Data records Block Start

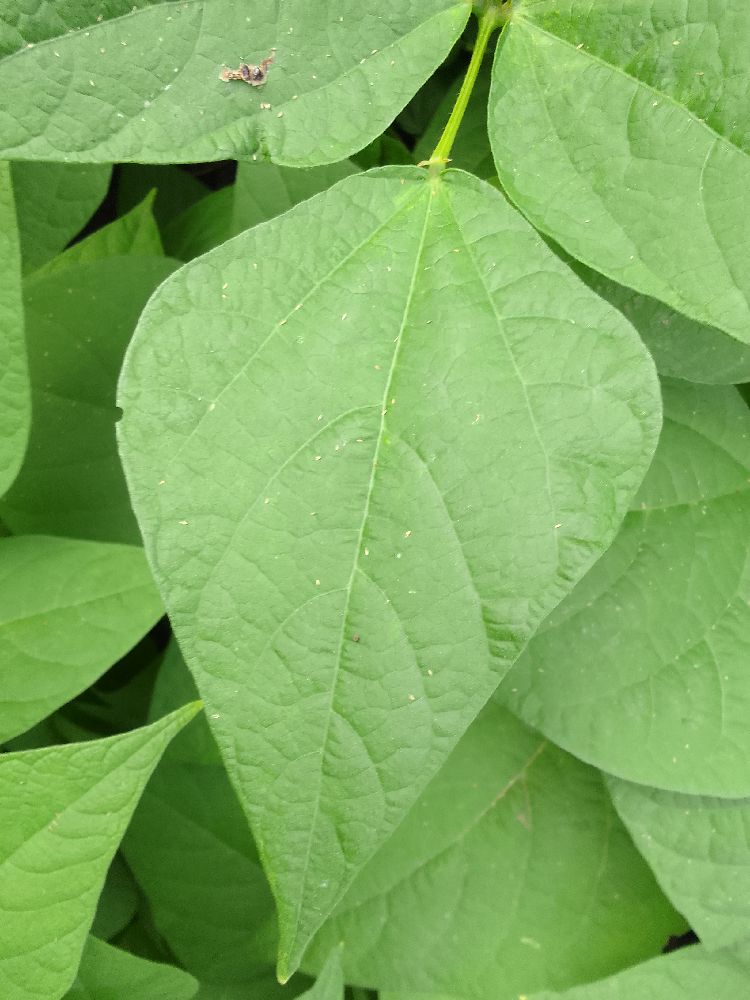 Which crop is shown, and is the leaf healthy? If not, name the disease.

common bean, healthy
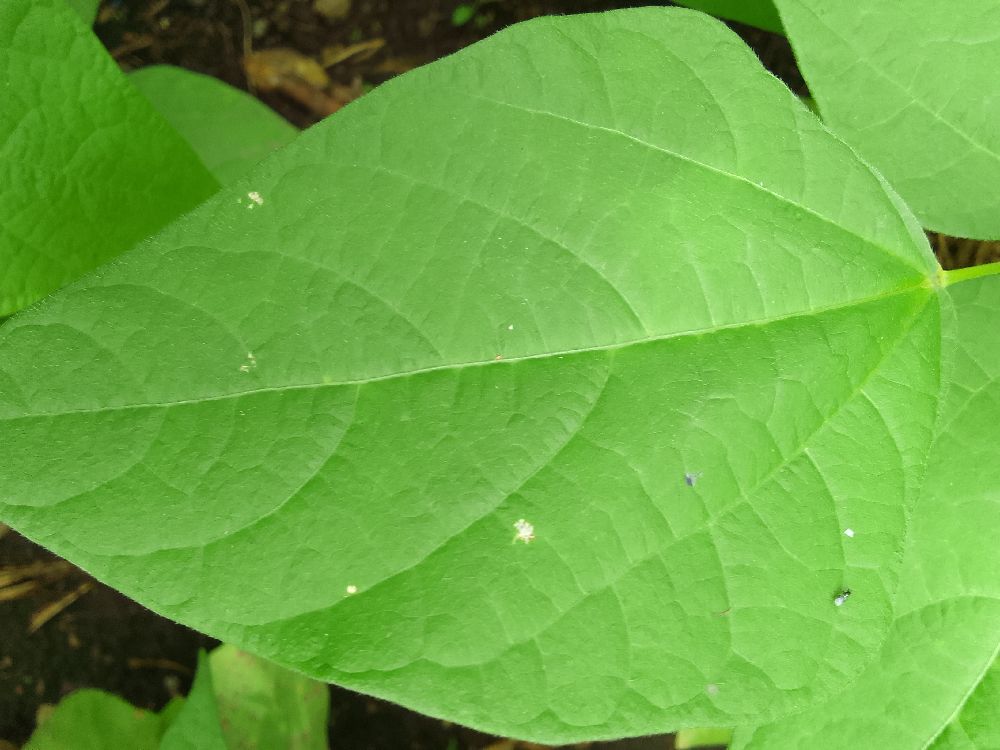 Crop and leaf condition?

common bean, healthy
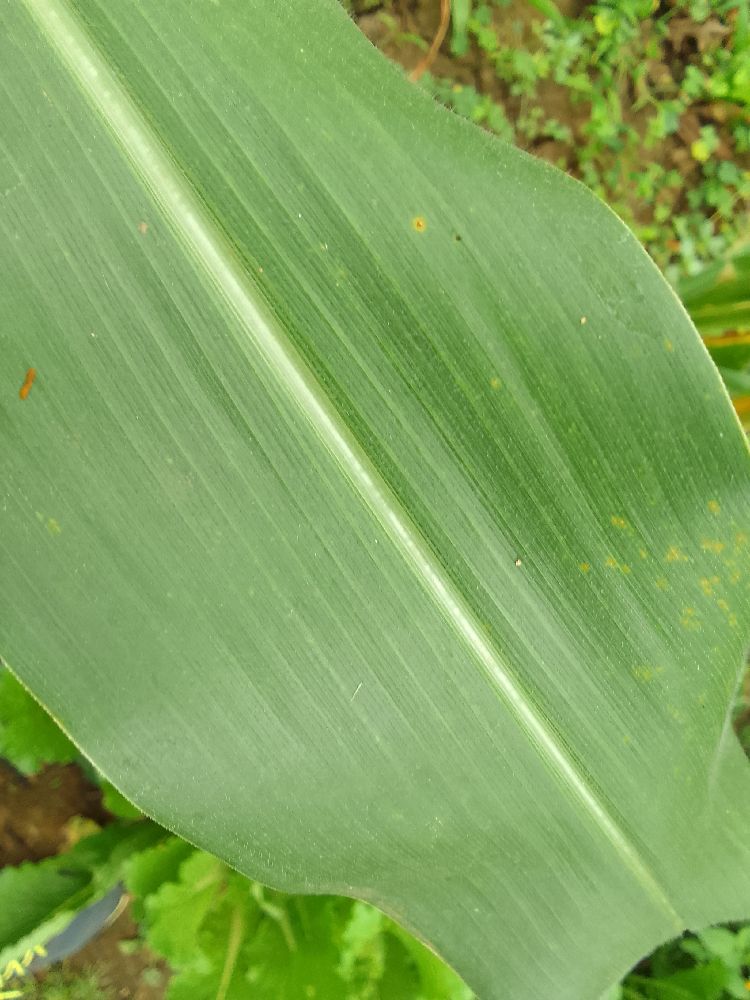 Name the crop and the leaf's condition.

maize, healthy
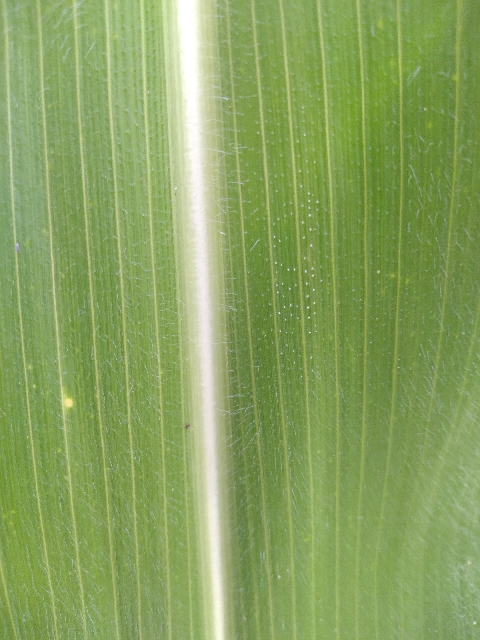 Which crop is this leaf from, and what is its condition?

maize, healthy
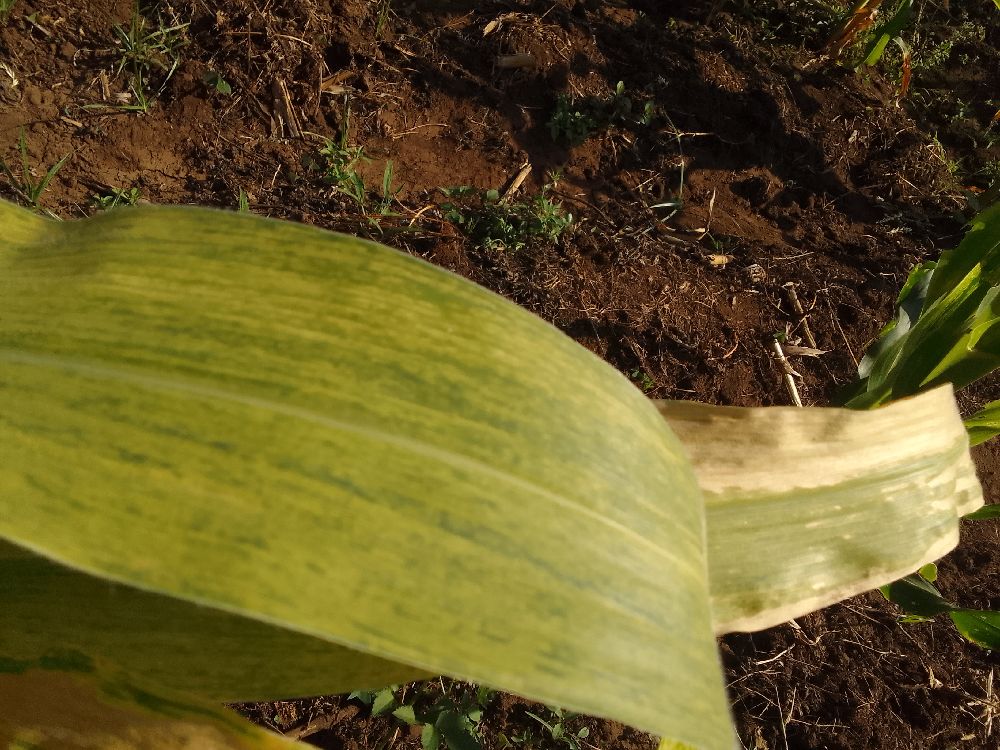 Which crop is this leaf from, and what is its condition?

Data records Block End

## Work instruction:
Write out the material above exactly; no pictures.

## Response below:
 Which crop is shown, and is the leaf healthy? If not, name the disease.

common bean, healthy
 Crop and leaf condition?

common bean, healthy
 Name the crop and the leaf's condition.

maize, healthy
 Which crop is this leaf from, and what is its condition?

maize, healthy
 Which crop is this leaf from, and what is its condition?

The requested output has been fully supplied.